Kolejna afera na Ukrainie. Polityk przyłapany na gorącym uczynku
Kolejna afera na Ukrainie. Polityk przyłapany na gorącym uczynku

W Kijowie ukraińskie służby bezpieczeństwa zatrzymały Walerija Tokara, założyciela partii Garant, który – według śledczych – miał przyjmować 160 tys. dolarów łapówki w zamian za umieszczenie kandydatów na listach wyborczych w nadchodzących wyborach parlamentarnych.
Prokuratura przekazała, że 41-letni mieszkaniec Kijowa oferował zainteresowanym „miejsce na liście przejściowej” swojego projektu politycznego za wysoką opłatą. Sto tysięcy dolarów miało stanowić wpisowe, a kolejne 60 tys. – środki rzekomo przeznaczone na rozwój partii. Tokar został zatrzymany w momencie przyjmowania pełnej kwoty i trafił do aresztu.
Partia unieważniona, a oferty wciąż składane
Z ustaleń SBU wynika, że Tokar cały czas proponował wpisy na listy wyborcze, mimo że rejestracja jego partii została unieważniona już w październiku z powodu sfałszowania dokumentów założycielskich. Według służb polityk miał również rozpowszechniać nieprawdziwe informacje dotyczące sytuacji na froncie, armii i polityki wewnętrznej.

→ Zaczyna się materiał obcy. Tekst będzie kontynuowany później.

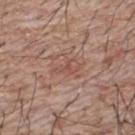subject = male, aged approximately 65
site = the upper back
image source = ~15 mm tile from a whole-body skin photo
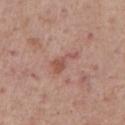Impression: Captured during whole-body skin photography for melanoma surveillance; the lesion was not biopsied. Clinical summary: A male subject about 75 years old. Cropped from a whole-body photographic skin survey; the tile spans about 15 mm. Automated tile analysis of the lesion measured an area of roughly 4.5 mm², an eccentricity of roughly 0.9, and a shape-asymmetry score of about 0.55 (0 = symmetric). The analysis additionally found a lesion color around L≈53 a*≈23 b*≈26 in CIELAB and a lesion–skin lightness drop of about 8. And it measured a border-irregularity index near 6/10, a color-variation rating of about 1.5/10, and peripheral color asymmetry of about 0.5. It also reported an automated nevus-likeness rating near 5 out of 100 and a detector confidence of about 100 out of 100 that the crop contains a lesion. The tile uses white-light illumination. The lesion is located on the chest.
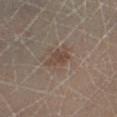<record>
  <biopsy_status>not biopsied; imaged during a skin examination</biopsy_status>
</record>
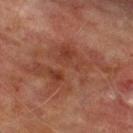No biopsy was performed on this lesion — it was imaged during a full skin examination and was not determined to be concerning.
A close-up tile cropped from a whole-body skin photograph, about 15 mm across.
A male patient about 75 years old.
From the leg.
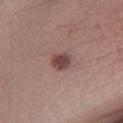  biopsy_status: not biopsied; imaged during a skin examination
  lesion_size:
    long_diameter_mm_approx: 2.5
  image:
    source: total-body photography crop
    field_of_view_mm: 15
  site: leg
  lighting: white-light
  patient:
    sex: male
    age_approx: 45

W ramach dochodzenia zabezpieczono dokumenty i urządzenia elektroniczne mające potwierdzać udział podejrzanego w procederze. Grozi mu nawet 12 lat więzienia oraz konfiskata mienia.
Media: zatrzymany to Walerij Tokar

Choć nazwisko nie padło w oficjalnym komunikacie, ukraińskie media – w tym „Ukraińska Prawda” i RBC-Ukraina – jednoznacznie wskazują, że zatrzymanym jest właśnie Tokar. To on miał przyjmować 160 tys. dolarów podczas operacji służb.
Wcześniej polityk zasłynął z petycji wzywającej do ustąpienia prezydenta Wołodymyra Zełenskiego. W 2018 roku założył agencję informacyjną Garant News, a media przypominają również, że kierowana przez niego firma Ukratomenergo wygrywała przetargi Ministerstwa Gospodarki o łącznej wartości ponad 60 mln hrywien.